Cloud-agnostic is almost always the right choice. Tools like Terraform, Pulumi, and Crossplane let you define infrastructure that can sort of move between clouds without complete rewrites. Cloud-native IaC like CloudFormation, ARM templates, or CDK for Terraform locks you into a single provider. That might be fine if you're certain you'll never need portability, but most organizations eventually hit multi-cloud requirements through acquisition, compliance, or strategic diversification.

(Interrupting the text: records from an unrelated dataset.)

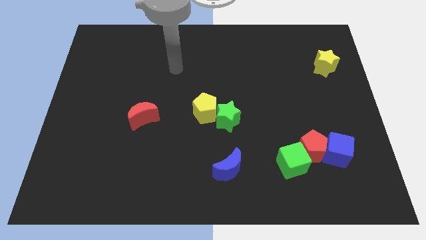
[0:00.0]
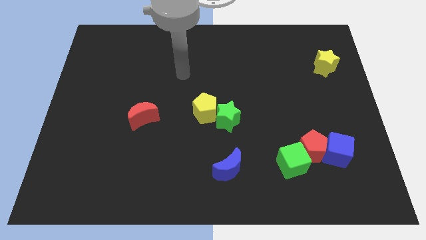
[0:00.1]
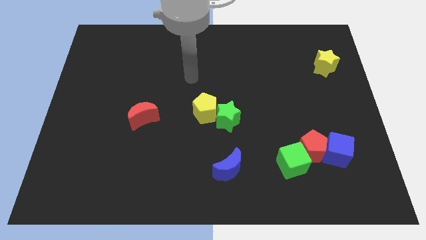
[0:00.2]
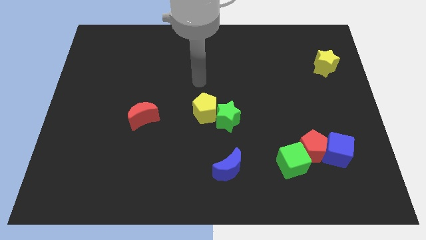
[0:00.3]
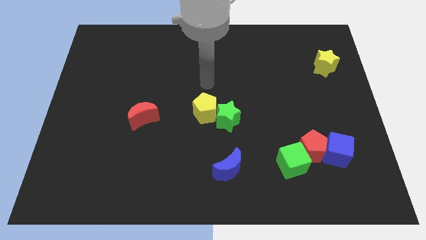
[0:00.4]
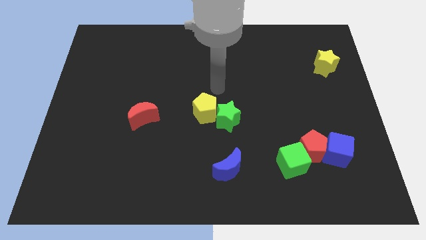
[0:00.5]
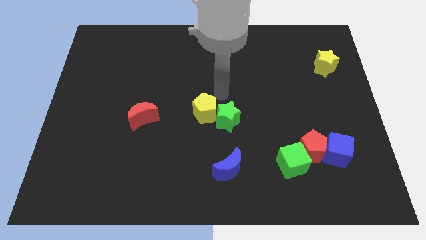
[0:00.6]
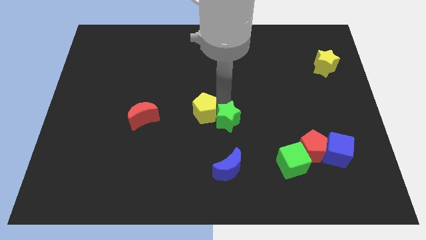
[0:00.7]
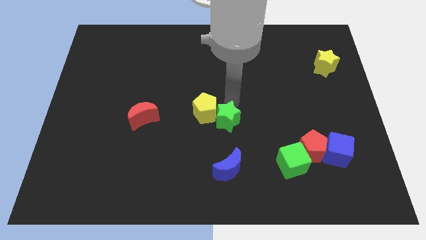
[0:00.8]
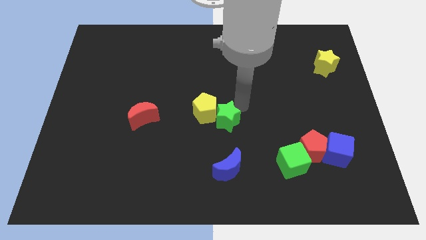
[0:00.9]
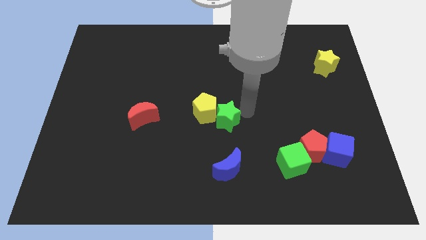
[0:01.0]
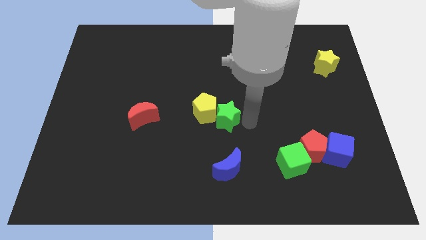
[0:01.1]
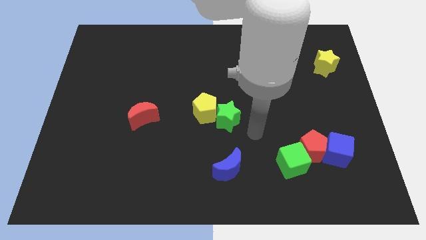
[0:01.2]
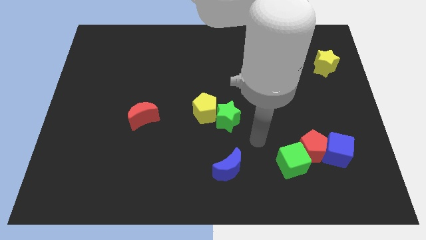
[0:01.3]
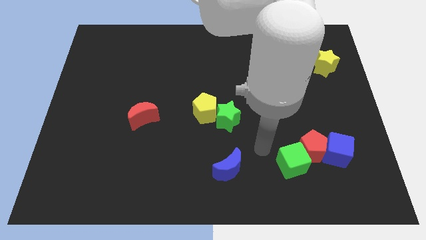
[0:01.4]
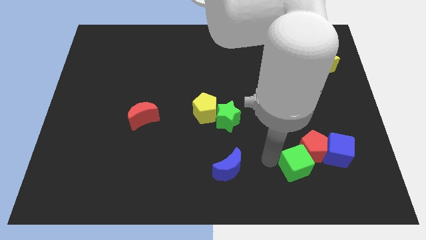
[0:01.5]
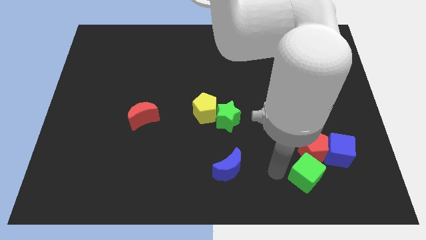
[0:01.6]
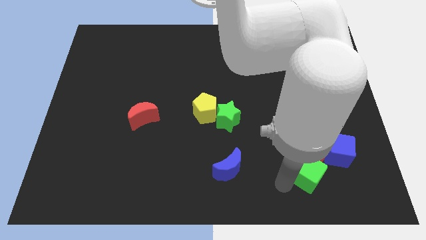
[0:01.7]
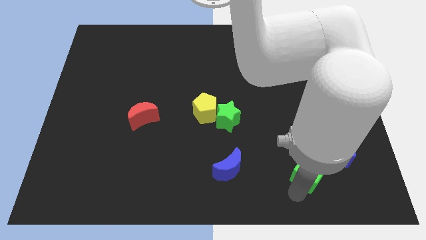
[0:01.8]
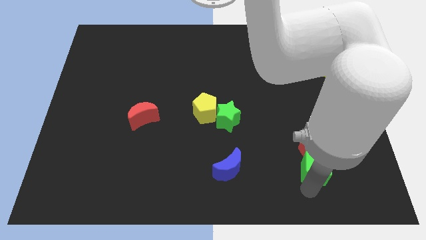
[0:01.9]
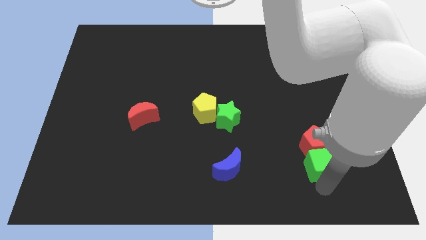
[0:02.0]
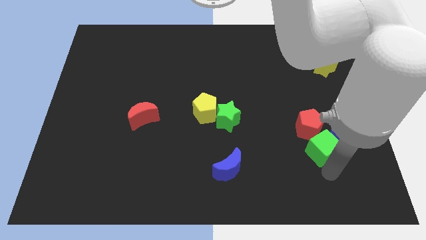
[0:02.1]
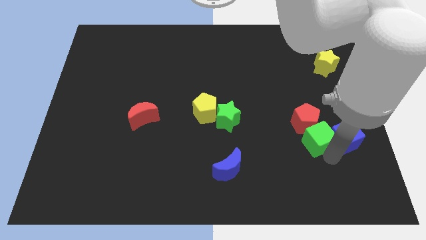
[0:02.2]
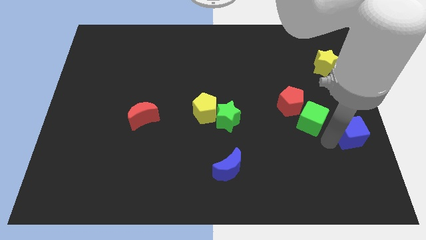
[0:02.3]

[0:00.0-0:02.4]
separate the red pentagon from the green cube and blue cube

The main questions to ask yourself:
How fast and often do you need to deploy new clusters? If you need to bootstrap new clusters daily you are best off going with advanced automations including but not limited to Cluster API, Rancher Fleet Manager, and similar tools. If your cluster requirements are rather static I would opt for a more controlled approach like Terraform or Pulumi.
Who needs to interact with infrastructure provisioning? If only the platform team provisions infrastructure, Terraform or Pulumi works well. If developers need self-service infrastructure, Crossplane Compositions let them request resources via Kubernetes manifests without leaving their workflow.
General guidance:
- Keep core cloud guardrails like VPCs, org policies, and identity in Terraform, Pulumi, or equivalent IaC owned by the platform or landing zone team.

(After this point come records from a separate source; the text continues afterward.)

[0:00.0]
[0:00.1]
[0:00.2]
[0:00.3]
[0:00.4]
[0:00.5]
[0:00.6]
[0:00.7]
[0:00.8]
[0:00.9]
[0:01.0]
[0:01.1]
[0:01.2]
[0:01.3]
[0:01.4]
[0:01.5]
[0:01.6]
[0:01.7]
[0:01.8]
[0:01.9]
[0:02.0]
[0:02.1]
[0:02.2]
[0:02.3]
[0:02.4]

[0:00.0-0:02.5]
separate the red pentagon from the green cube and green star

- Publish Crossplane Compositions for common app resources like Postgres, buckets, queues, and caches with defaults and quotas. Developers request them via Kubernetes claims.
- Prefer cloud-agnostic tooling unless you have a compelling reason to lock in.

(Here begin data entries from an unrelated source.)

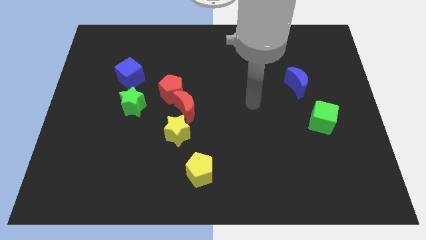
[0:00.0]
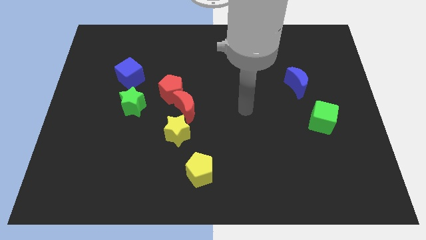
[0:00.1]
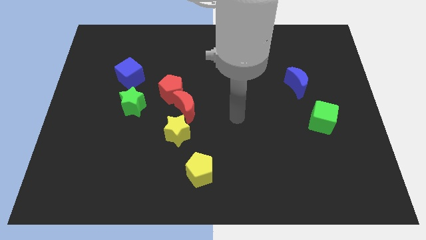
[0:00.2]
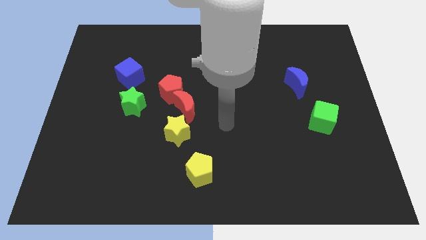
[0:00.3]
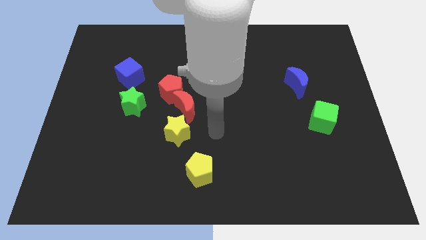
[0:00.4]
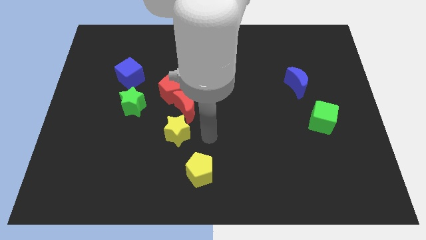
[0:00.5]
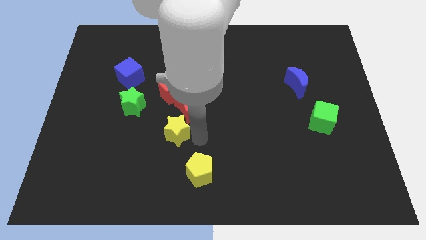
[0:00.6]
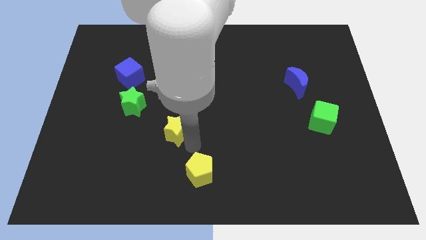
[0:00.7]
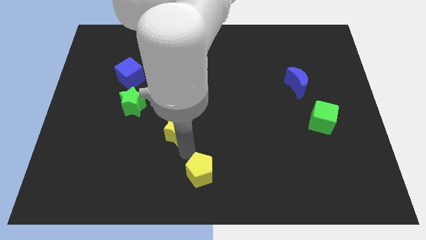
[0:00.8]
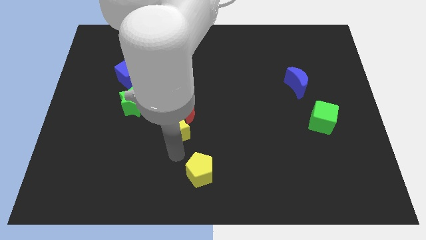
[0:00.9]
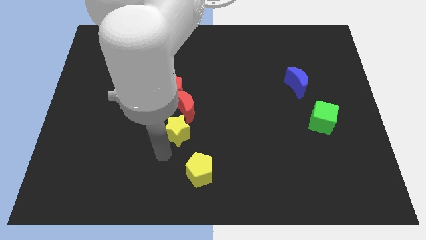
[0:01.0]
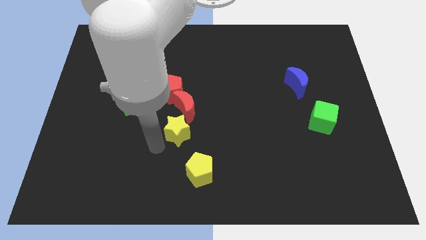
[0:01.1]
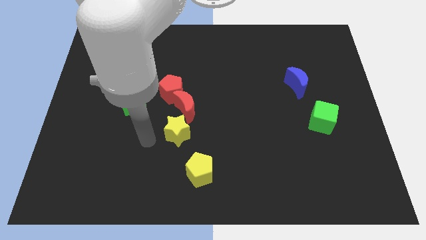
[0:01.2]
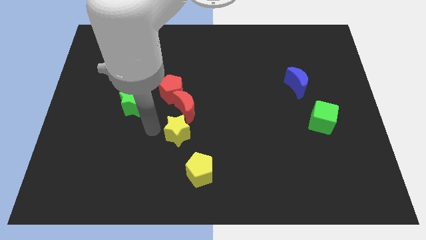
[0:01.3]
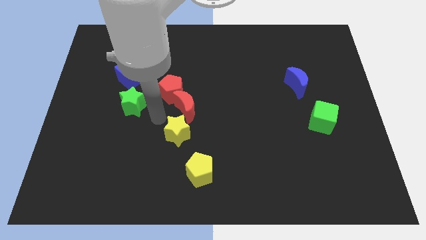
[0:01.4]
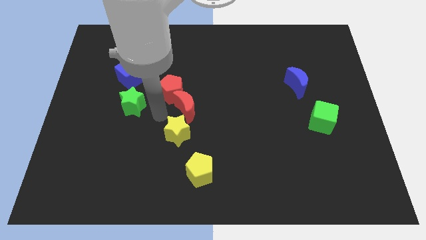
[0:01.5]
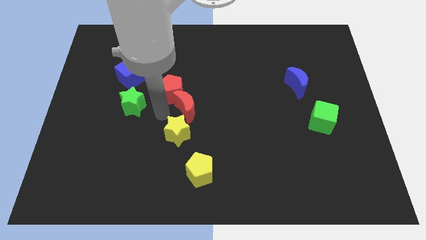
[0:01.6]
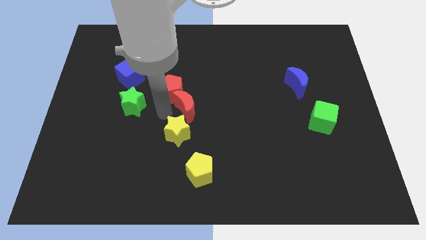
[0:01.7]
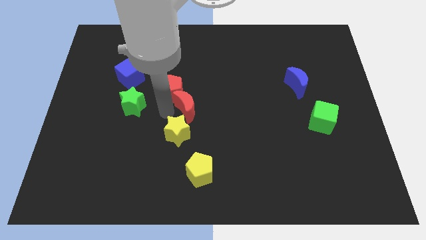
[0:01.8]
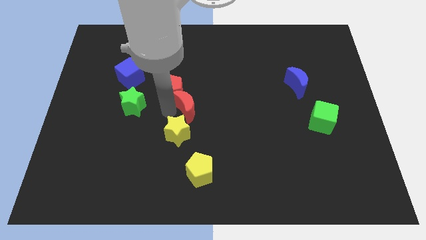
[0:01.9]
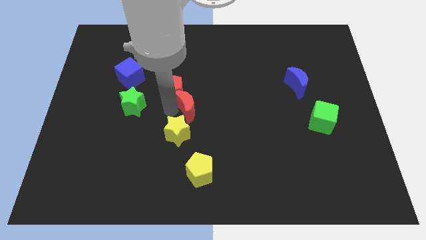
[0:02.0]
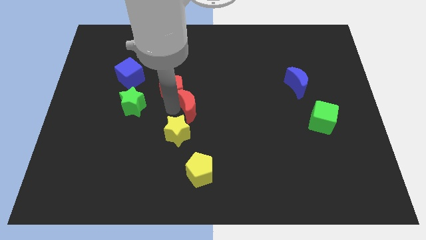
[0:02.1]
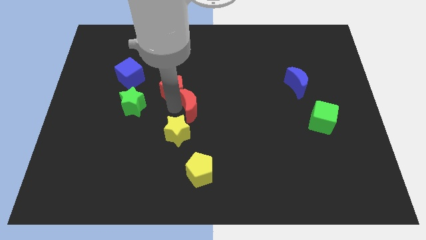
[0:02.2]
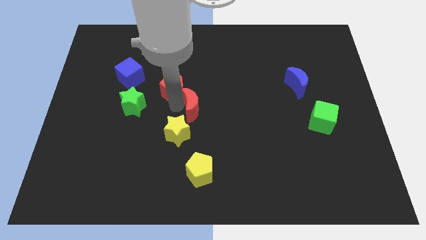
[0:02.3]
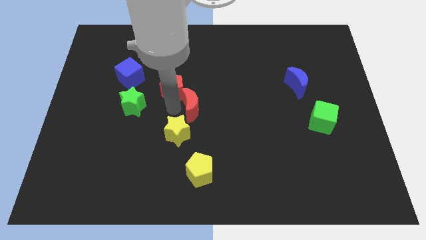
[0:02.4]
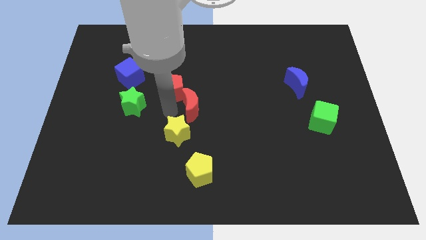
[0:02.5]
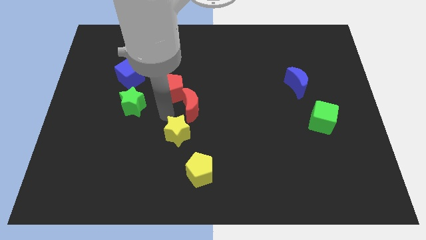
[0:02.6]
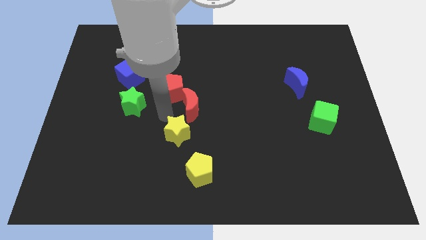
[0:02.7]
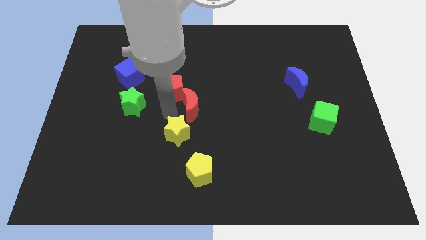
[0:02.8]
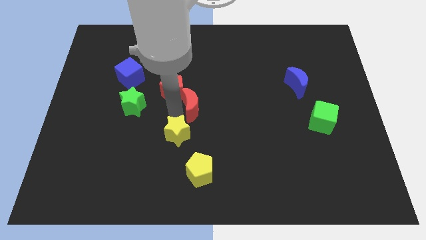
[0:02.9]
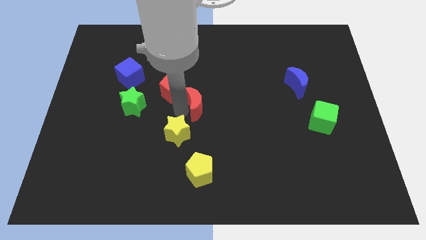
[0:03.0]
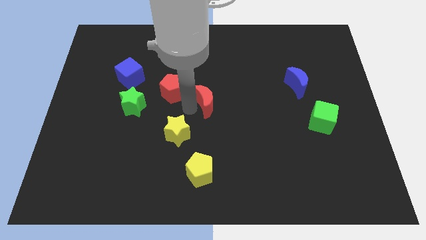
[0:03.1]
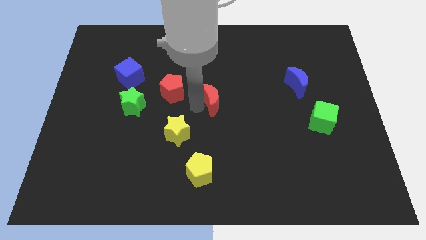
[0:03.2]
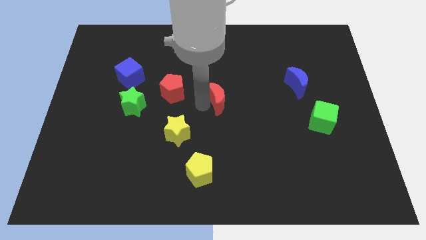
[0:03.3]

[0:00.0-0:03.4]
move the red moon away from the red pentagon and yellow star

Common Anti-Pattern: Single IaC Tool for Everything
I've seen teams use a single IaC tool like Terraform to manage every cloud resource, including app-level infrastructure that developers need daily like databases, buckets, queues, and caches. This creates a bottleneck.
Developers end up filing tickets or opening PRs in the platform team's IaC repo just to get a database. The platform team becomes a request queue, not a product team. Velocity drops and frustration builds on both sides.
The fix is simple: draw a clear boundary.
Use Terraform or Pulumi for foundational infrastructure the platform team owns: VPCs, IAM roles, org policies, cluster provisioning, and baseline security guardrails. These change infrequently and need tight central control.
Use Crossplane Compositions (or equivalent) for app-adjacent resources that developers self-serve: databases, buckets, queues, caches. Developers submit a claim via a Kubernetes manifest and get back a resource that meets platform standards. The platform team defines the Compositions once with quotas, tagging, backup policies, and encryption baked in. Developers get autonomy within guardrails.
This isn't about replacing your IaC tool. It's about using the right tool at the right layer. Terraform and Pulumi excel at foundational cloud construction with operator-driven workflows. Crossplane excels at developer self-service within Kubernetes through pull-based reconciliation.
If you force everything through a single IaC tool you're optimizing for central control at the expense of developer velocity. That trade-off rarely makes sense past a certain team size.
One-liners
Some strong one-liners to keep in mind when you are designing a platform:
- Ease of use almost always means vendor lock-in.
- Tooling should solve problems, not create new ones.
- the best engineering decisions are about trade-offs, not trends.